Nach Angaben von mehreren Genealogie-Internetseiten heiratete Herbert von Berenberg-Gossler (1883-1918) in die deutsche Adelsfamilie Mallinckrodt.
Berenberg-Gossler im 20. Jahrhundert
Zu Beginn des 20. Jahrhunderts gehörte die Berenberg-Gossler Familie zu den reichsten Deutschen (Quelle).

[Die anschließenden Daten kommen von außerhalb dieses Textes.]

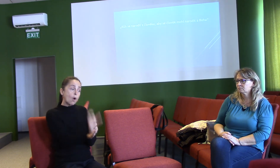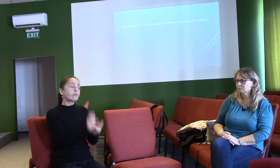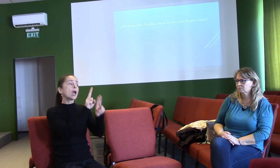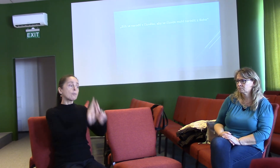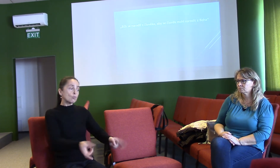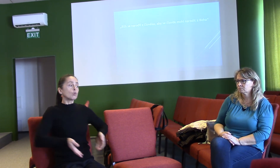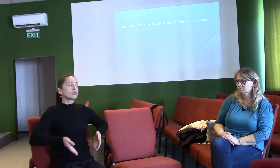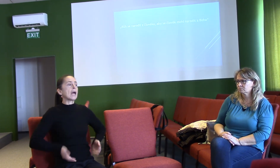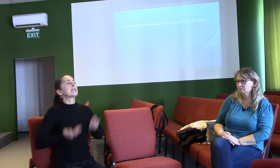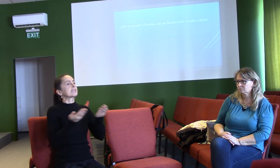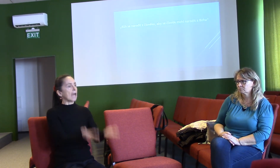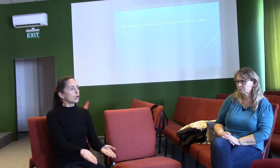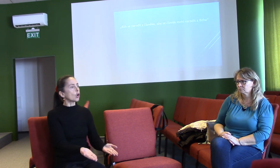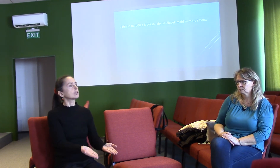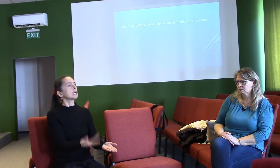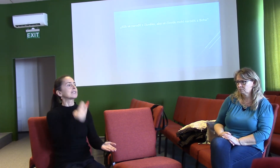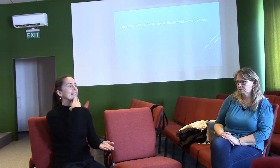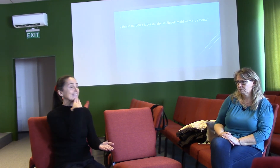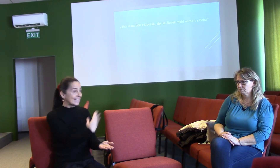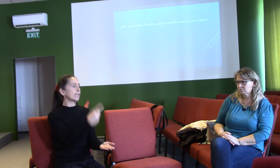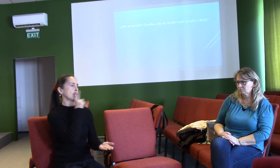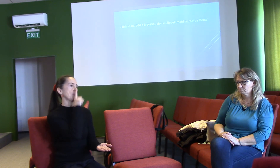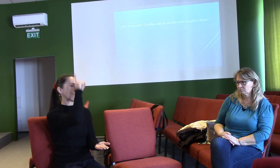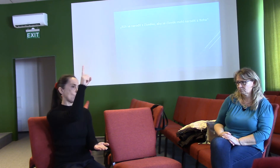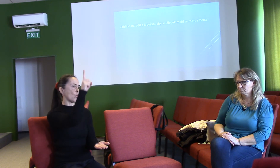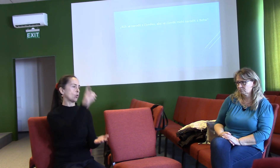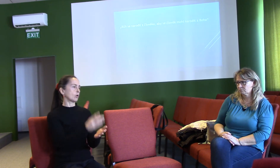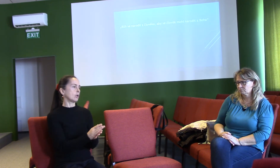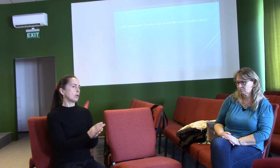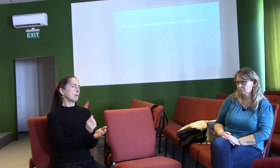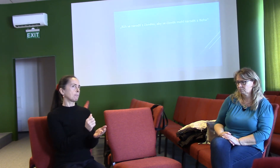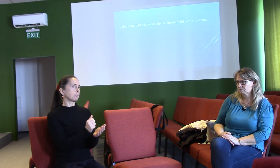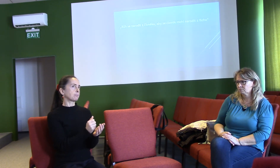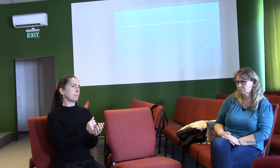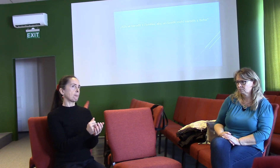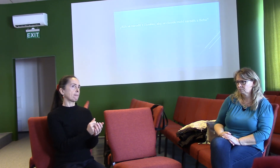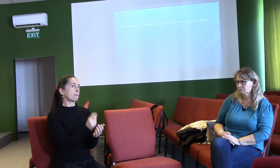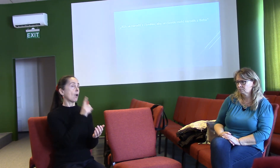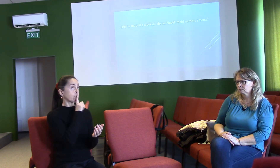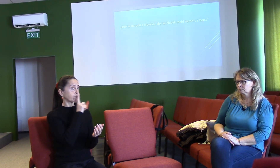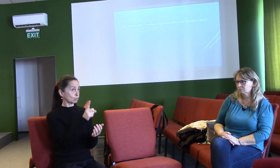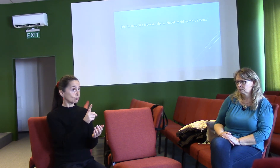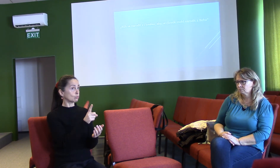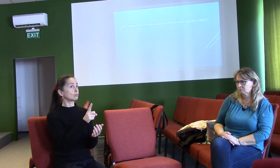z Boha do jeho rodiny, tak první se Bůh musel narodit z člověka, jako malé dítě.

John von Berenberg-Gossler (1866-1943) war Senator in Hamburg und deutscher Botschafter in Rom. Er war im Vorstand des Hamburger Nationalklubs, in dem Personen aus der Elite Hamburgs zusammenkammen. Die Klubmitglieder hatten scheinbar eine nationalistische Gesinnung und wollten die demokratische Weimarer Republik bekämpfen. 1926 hatte Adolf Hitler eine Rede im Klub halten dürfen, also sieben Jahre vor seiner Machtübernahme und der Abschaffung der Demokratie in Deutschland. Nach der Machtübernahme verschlechterte sich das Verhältnis zwischen dem Hamburger Nationalklub und dem Naziregime. Der Klub war 1919 gegründet worden und wurde Ende des Zweiten Weltkrieges 1945 aufgelöst. (Quelle) John von Berenberg-Gossler arbeitete für die Familienbank und war in verschiedenen Aufsichtsräten. Er war über 30 Jahre im Aufsichtsrat der Dresdner Bank, von 1933 bis 1943 als stellvertretender Vorsitzender, also während des Naziregimes (Quelle: Seite 138). In dieser Zeit stand die Dresdner Bank im Dienste der Nazis und versorgte diese mit Krediten (Quelle). Sie gilt als die deutsche Grossbank, die am engsten mit dem Naziregime verbunden war. Sie war an der Enteigung der Juden und am Goldraub der Nazis beteiligt (Quelle). Die Dresdner Bank war 1872 von der geadelten deutsch-jüdischen Kaskel Familie gegründet worden. 2009 fusionierte die Dresdner Bank mit der Commerzbank.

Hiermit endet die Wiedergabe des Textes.